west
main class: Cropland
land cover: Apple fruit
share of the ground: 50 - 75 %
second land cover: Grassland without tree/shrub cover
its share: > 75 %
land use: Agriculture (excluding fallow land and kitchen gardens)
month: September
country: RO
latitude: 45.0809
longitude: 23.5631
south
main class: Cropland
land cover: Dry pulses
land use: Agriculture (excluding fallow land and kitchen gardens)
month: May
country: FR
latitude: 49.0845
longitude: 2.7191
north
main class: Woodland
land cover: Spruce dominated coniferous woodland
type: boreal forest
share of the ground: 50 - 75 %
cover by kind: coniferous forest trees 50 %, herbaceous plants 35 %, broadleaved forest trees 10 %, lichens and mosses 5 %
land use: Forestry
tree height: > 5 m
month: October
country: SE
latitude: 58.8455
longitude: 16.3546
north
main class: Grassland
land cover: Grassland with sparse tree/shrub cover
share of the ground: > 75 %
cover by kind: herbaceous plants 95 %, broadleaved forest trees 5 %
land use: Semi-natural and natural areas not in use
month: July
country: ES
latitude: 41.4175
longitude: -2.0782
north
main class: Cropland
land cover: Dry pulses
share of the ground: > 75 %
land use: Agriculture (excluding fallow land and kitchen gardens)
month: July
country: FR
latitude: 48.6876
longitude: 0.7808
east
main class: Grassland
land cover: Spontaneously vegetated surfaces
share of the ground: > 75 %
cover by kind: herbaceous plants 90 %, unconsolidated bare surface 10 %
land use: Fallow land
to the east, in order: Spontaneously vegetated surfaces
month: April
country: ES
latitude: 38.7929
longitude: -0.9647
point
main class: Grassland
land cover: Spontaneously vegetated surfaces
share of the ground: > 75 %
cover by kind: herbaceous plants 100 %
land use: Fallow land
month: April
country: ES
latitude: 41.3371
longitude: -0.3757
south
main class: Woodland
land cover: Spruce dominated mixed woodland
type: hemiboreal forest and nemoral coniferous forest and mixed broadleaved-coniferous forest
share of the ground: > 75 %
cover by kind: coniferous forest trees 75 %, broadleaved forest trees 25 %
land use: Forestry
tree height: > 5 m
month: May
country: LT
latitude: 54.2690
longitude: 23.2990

□ □ □ □ □ □ □

** WORK ITEM **
Retype each entry without altering a single word.

** PROBLEM SOLUTION **
west
main class: Cropland
land cover: Apple fruit
share of the ground: 50 - 75 %
second land cover: Grassland without tree/shrub cover
its share: > 75 %
land use: Agriculture (excluding fallow land and kitchen gardens)
month: September
country: RO
latitude: 45.0809
longitude: 23.5631
south
main class: Cropland
land cover: Dry pulses
land use: Agriculture (excluding fallow land and kitchen gardens)
month: May
country: FR
latitude: 49.0845
longitude: 2.7191
north
main class: Woodland
land cover: Spruce dominated coniferous woodland
type: boreal forest
share of the ground: 50 - 75 %
cover by kind: coniferous forest trees 50 %, herbaceous plants 35 %, broadleaved forest trees 10 %, lichens and mosses 5 %
land use: Forestry
tree height: > 5 m
month: October
country: SE
latitude: 58.8455
longitude: 16.3546
north
main class: Grassland
land cover: Grassland with sparse tree/shrub cover
share of the ground: > 75 %
cover by kind: herbaceous plants 95 %, broadleaved forest trees 5 %
land use: Semi-natural and natural areas not in use
month: July
country: ES
latitude: 41.4175
longitude: -2.0782
north
main class: Cropland
land cover: Dry pulses
share of the ground: > 75 %
land use: Agriculture (excluding fallow land and kitchen gardens)
month: July
country: FR
latitude: 48.6876
longitude: 0.7808
east
main class: Grassland
land cover: Spontaneously vegetated surfaces
share of the ground: > 75 %
cover by kind: herbaceous plants 90 %, unconsolidated bare surface 10 %
land use: Fallow land
to the east, in order: Spontaneously vegetated surfaces
month: April
country: ES
latitude: 38.7929
longitude: -0.9647
point
main class: Grassland
land cover: Spontaneously vegetated surfaces
share of the ground: > 75 %
cover by kind: herbaceous plants 100 %
land use: Fallow land
month: April
country: ES
latitude: 41.3371
longitude: -0.3757
south
main class: Woodland
land cover: Spruce dominated mixed woodland
type: hemiboreal forest and nemoral coniferous forest and mixed broadleaved-coniferous forest
share of the ground: > 75 %
cover by kind: coniferous forest trees 75 %, broadleaved forest trees 25 %
land use: Forestry
tree height: > 5 m
month: May
country: LT
latitude: 54.2690
longitude: 23.2990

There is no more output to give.